A ball is set in motion at P on a frictionless surface. It moves up slope PQ, along the horizontal surface QR and finally descends slope RS.

Question 24

A ball is set in motion at P on a frictionless surface. It moves up slope PQ, along the horizontal surface QR and finally descends slope RS.

Which graph could represent the variation with time t of the ball’s speed v as the ball moves from P to S?

Reference: Past Exam Paper – June 2017 Paper 12 Q6

Solution:

Answer: A.

The ball moves on a frictionless surface. That is, no frictional force acts on the ball and thus, no energy is wasted against friction.

From P to Q, the ball can be considered to have 2 components: a horizontal component and a vertical component.

The horizontal component remains unaffected (as there is no friction) while the vertical component is affected by the acceleration due to gravity which is downwards.

From P to Q, the vertical component of speed is upwards while the acceleration due to gravity g is downwards. This causes the speed of the ball to decrease. Since g is constant, the decrease in speed is also uniform [gradient is constant – a straight line in the graph]. [D is incorrect]

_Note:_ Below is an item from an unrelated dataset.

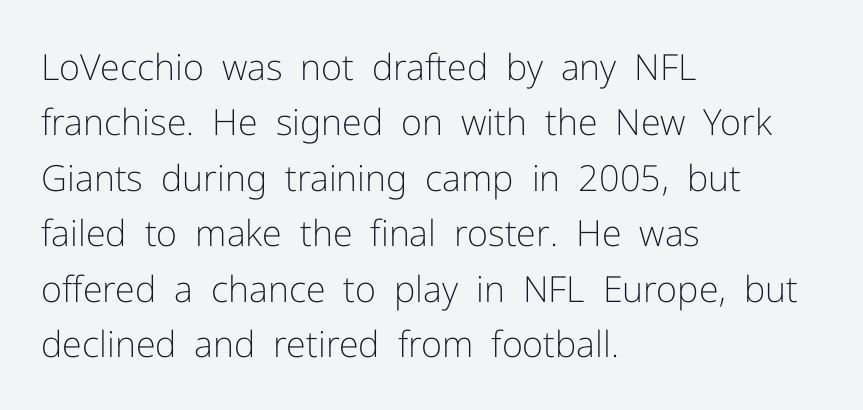
{"serif": "no", "italic": "no", "bold": "no", "weight": "light", "width": "normal", "stroke_contrast": "low", "x_height": "medium", "monospaced": "no", "underline": "no", "align": "left", "line_spacing": "normal", "line_spacing_ratio": 1.54, "letter_spacing": "normal", "letter_spacing_em": 0.0, "glyph_px": 36}
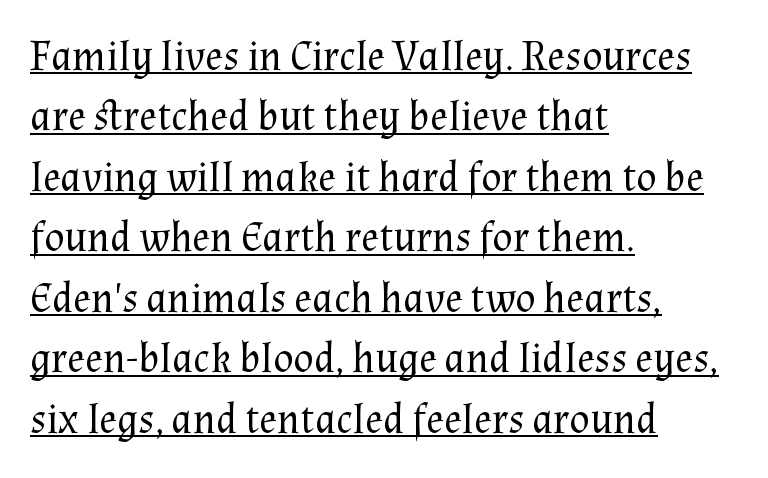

From Q to R, the ball moves horizontally. It does not have a vertical component. Since the horizontal component is constant, the speed is also constant from Q to R. [B is incorrect]

From R to S, the vertical component is downward and g is also downward. So, the speed increases uniformly.

In terms of energy,

From P to Q, KE - - > GPE    (KE and speed decrease)

From Q to R, GPE remains constant (constant height – KE and v does not change)

From R to S, GPE - - > KE    (KE and speed increase)

 

Since S is at the same level as P. the GPE is the same. And thus, the KE is also the same as before (and so, speed is also the same as before). So, because the ball ends up at the original level, it cannot be travelling faster at the end than it was travelling at the start. [C is incorrect].